After some test I found the issue (at least in my system).

The problem is connect to a dconf setting, the key is 'toolkit-accessibility' into the schema 'org.gnome.desktop.interface'.
When enable the issue is raised.

Steps to reproduce:
by a new user:
1) create new user
2) verify that the key value is false (default value)
3) check message when evince is launched: no message from apparmor!
4) set up the key to 'true' value, default value is false
5) check message when evince is launched: Denied message from apparmor!
or by an existing user through steps 2 to 5

This is what I found out on my system.
May be that the setting is left over from previous settings because my home partition is always the same for a long time over different version of the system.
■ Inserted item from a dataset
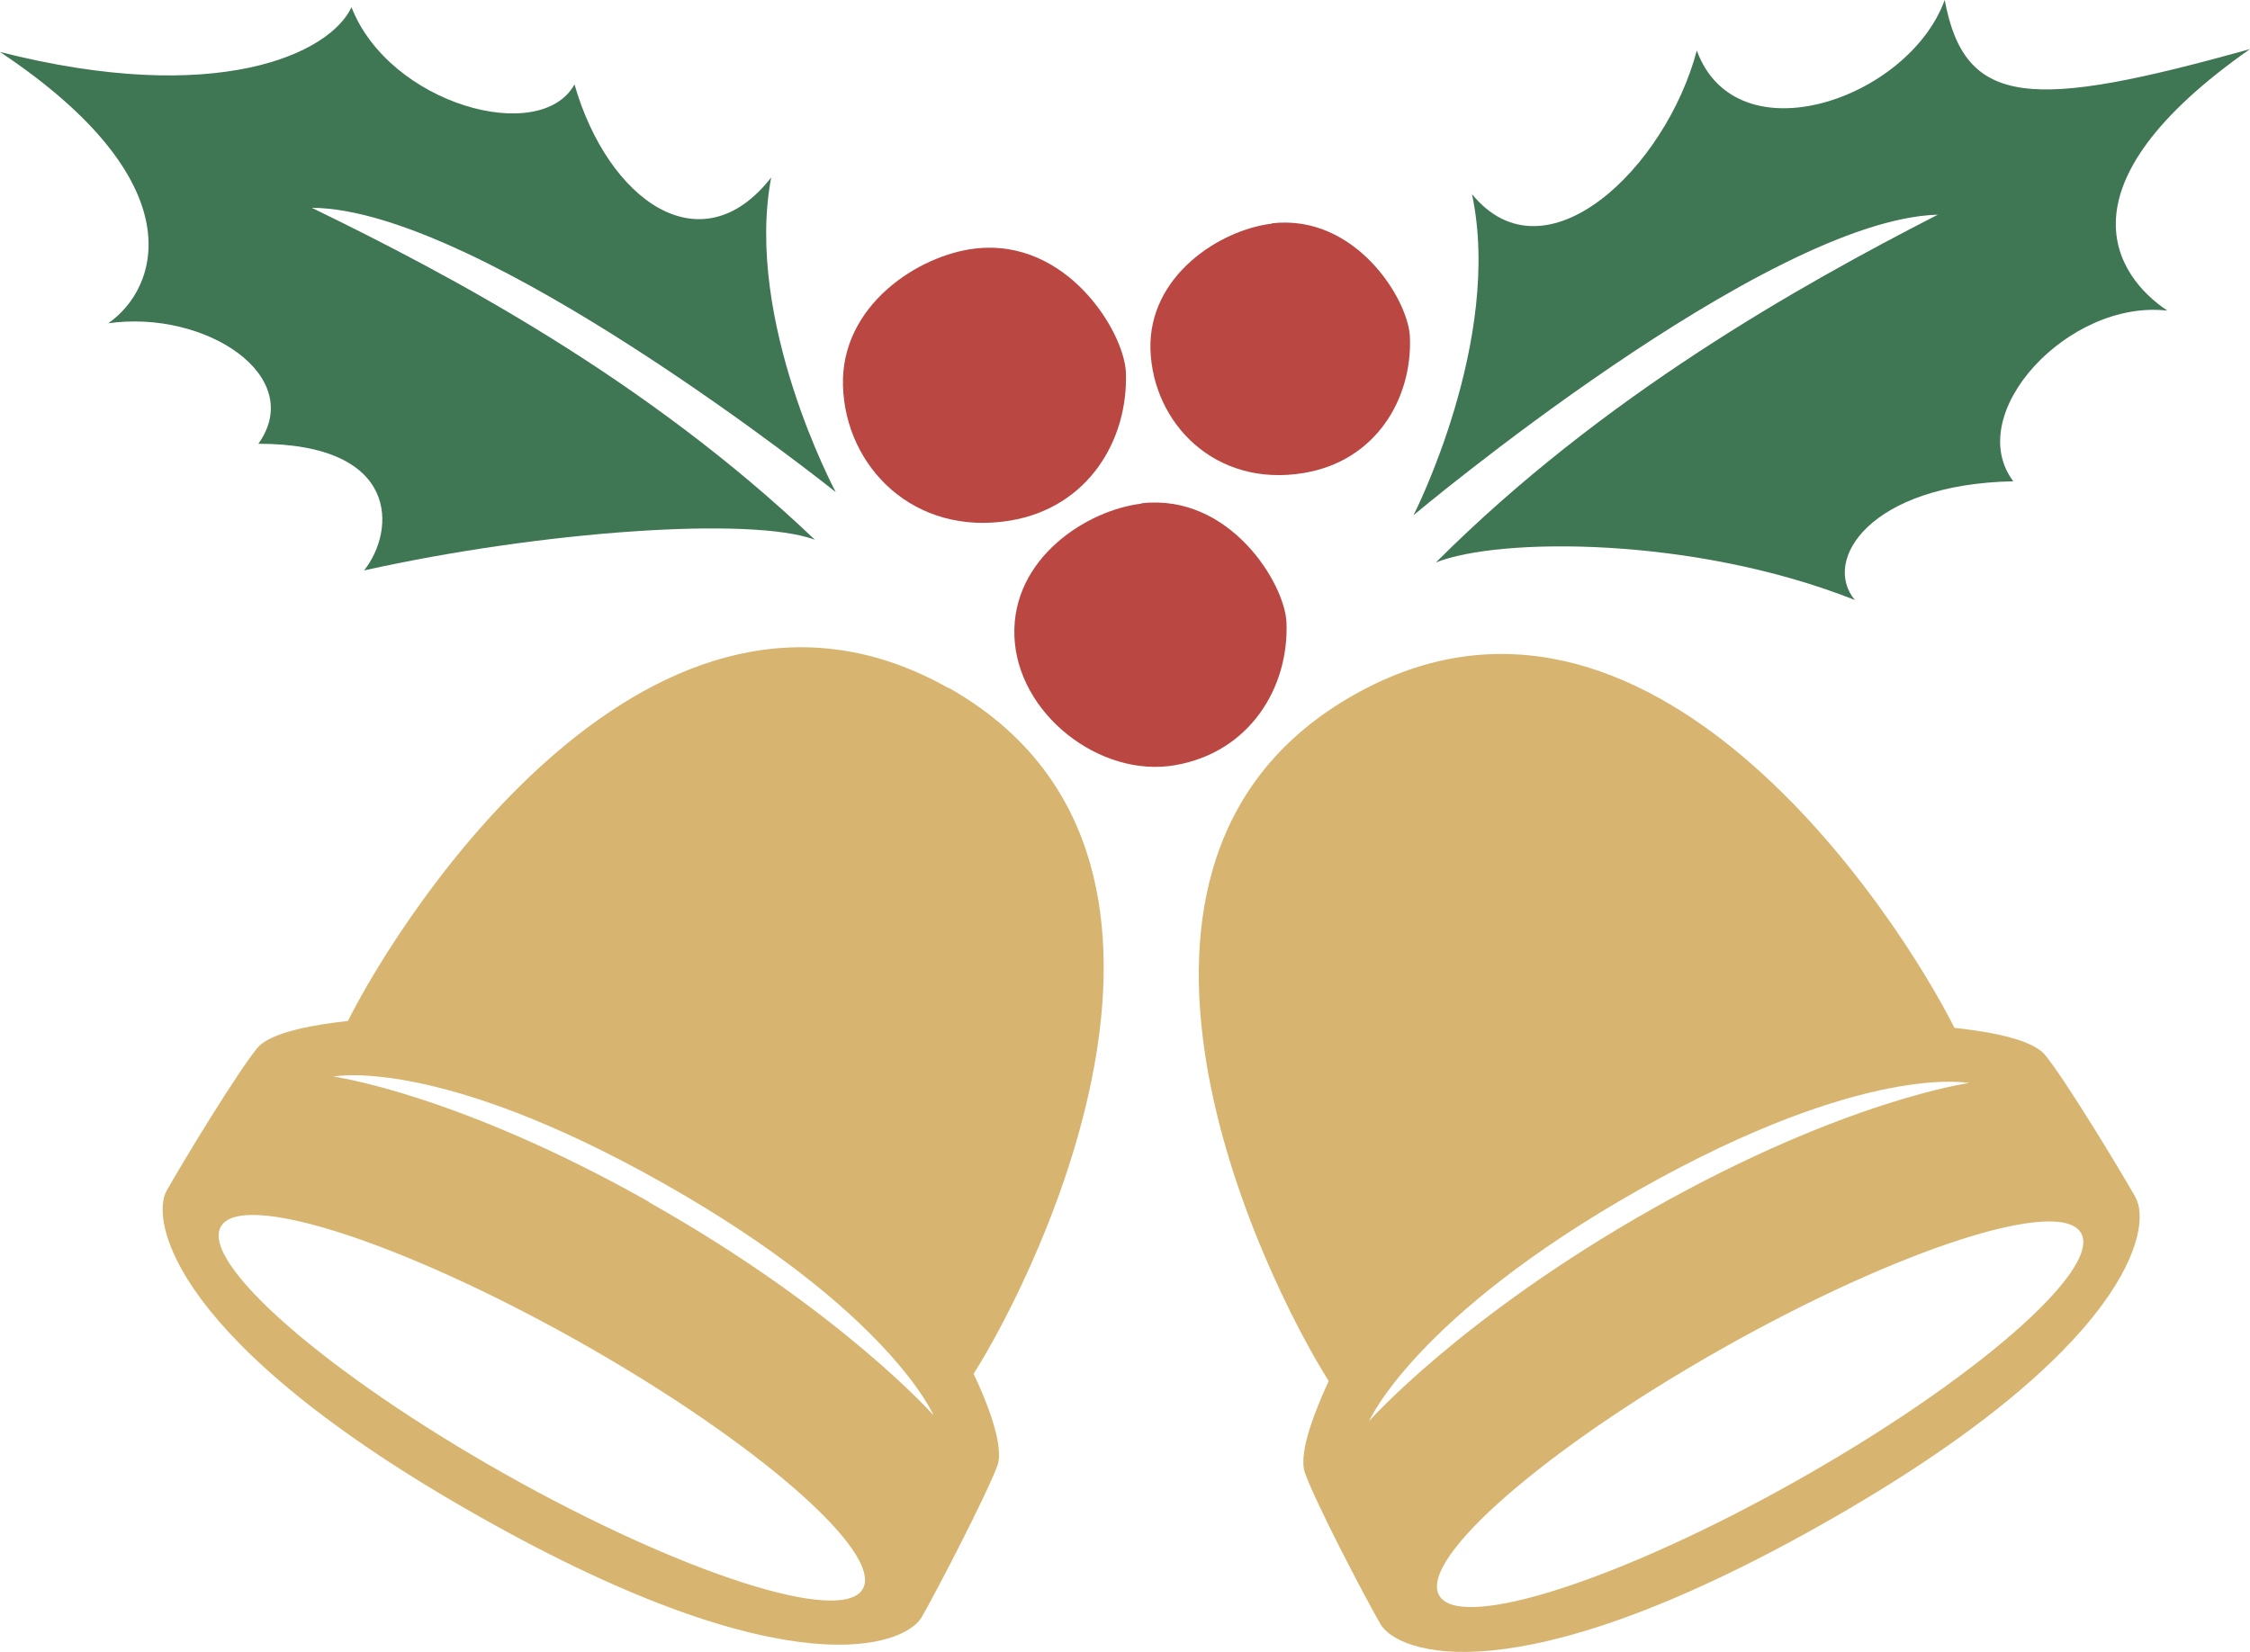 <?xml version="1.0" encoding="UTF-8"?><svg id="b" xmlns="http://www.w3.org/2000/svg" viewBox="0 0 62.35 45.78"><defs><style>.d{fill:#ba4742;}.e{fill:#3f7653;}.f{fill:#d7b570;}</style></defs><g id="c"><path class="d" d="M31.63,13.96c-1.51.18-3.59,1.51-3.52,3.66.07,2.16,2.37,3.95,4.45,3.59,2.08-.36,3.16-2.16,3.09-3.95-.04-1.09-1.58-3.59-4.02-3.31Z"/><path class="d" d="M35.24,6.2c-1.43.17-3.42,1.44-3.36,3.49.07,2.05,1.8,3.83,4.25,3.42,1.99-.33,3.01-2.05,2.94-3.77-.04-1.04-1.51-3.42-3.83-3.15Z"/><path class="d" d="M27.02,6.89c-1.56.18-3.73,1.57-3.66,3.81.07,2.24,1.96,4.17,4.63,3.73,2.17-.36,3.28-2.24,3.21-4.11-.05-1.13-1.64-3.73-4.18-3.43Z"/><path class="e" d="M23.16,13.64s-2.54-4.73-1.79-8.72c-1.95,2.5-4.53.62-5.45-2.58-.95,1.71-5.13.55-6.18-2.14-.6,1.29-3.73,2.77-9.74,1.24,5.43,3.62,4.4,6.55,3,7.52,2.69-.38,5.5,1.46,4.16,3.34,3.93,0,3.81,2.4,2.93,3.51,4.96-1.1,10.75-1.5,12.49-.85-4.67-4.46-10.13-7.35-13.94-9.2,4.7.02,14.52,7.88,14.52,7.88Z"/><path class="e" d="M39.18,14.26s2.47-4.85,1.61-8.88c2.03,2.49,5.37-.72,6.23-3.98,1.1,3,5.87,1.35,6.87-1.4.56,3,2.41,3.05,8.46,1.36-5.41,3.79-3.73,6.29-2.29,7.25-2.73-.32-5.68,2.85-4.27,4.73-3.98.08-5.31,2.19-4.39,3.29-4.47-1.77-9.86-1.74-11.61-1.04,4.63-4.63,10.09-7.68,13.91-9.64-4.76.13-14.53,8.33-14.53,8.33Z"/><path class="f" d="M26.28,19.07c-8.17-4.61-15.11,6.18-16.64,9.23-.76.08-2.13.28-2.51.75-.54.65-2.06,3.15-2.51,3.95-.46.81.12,4.22,8.69,9.05,8.57,4.84,11.79,3.57,12.24,2.76.46-.81,1.8-3.4,2.09-4.19.2-.57-.33-1.85-.66-2.54,1.82-2.88,7.48-14.41-.7-19.02ZM23.91,44.04c-.57,1.01-5.01-.42-9.93-3.19-4.91-2.77-8.43-5.84-7.86-6.85.57-1.01,5.01.42,9.93,3.19,4.91,2.77,8.43,5.84,7.86,6.85ZM17.98,33.31c-5.32-3-8.74-3.47-8.74-3.47,0,0,2.86-.59,9.13,2.95,6.27,3.54,7.5,6.44,7.5,6.44,0,0-2.57-2.91-7.89-5.91Z"/><path class="f" d="M59.18,33.19c-.46-.81-1.97-3.3-2.51-3.95-.38-.47-1.75-.67-2.51-.75-1.53-3.05-8.47-13.85-16.64-9.23-8.17,4.61-2.52,16.13-.7,19.02-.32.69-.86,1.97-.66,2.54.28.8,1.63,3.39,2.09,4.19.46.81,3.67,2.08,12.24-2.76,8.57-4.84,9.15-8.25,8.69-9.05ZM37.93,39.41s1.24-2.9,7.5-6.44c6.27-3.54,9.13-2.95,9.13-2.95,0,0-3.42.47-8.74,3.47-5.32,3-7.89,5.91-7.89,5.91ZM49.81,41.03c-4.91,2.77-9.36,4.2-9.93,3.19-.57-1.01,2.95-4.08,7.86-6.85,4.91-2.77,9.36-4.2,9.93-3.19.57,1.01-2.95,4.08-7.86,6.85Z"/></g></svg>

I do not know if it is connected or may be useful to know but on my system all options from 'Universal Access' (System Settings) are disable even when the value is true.

Can you try this thing ?

Bye

Enrico

Following what tested I report that even in a clean install (done on a virtual machine) of Ubuntu Desktop 12.04.4 this issue is present, enabling 'toolkit-accessibility' setting and running evince a denied message from apparmor was detected on the log.

[Expired for evince (Ubuntu) because there has been no activity for 60 days.]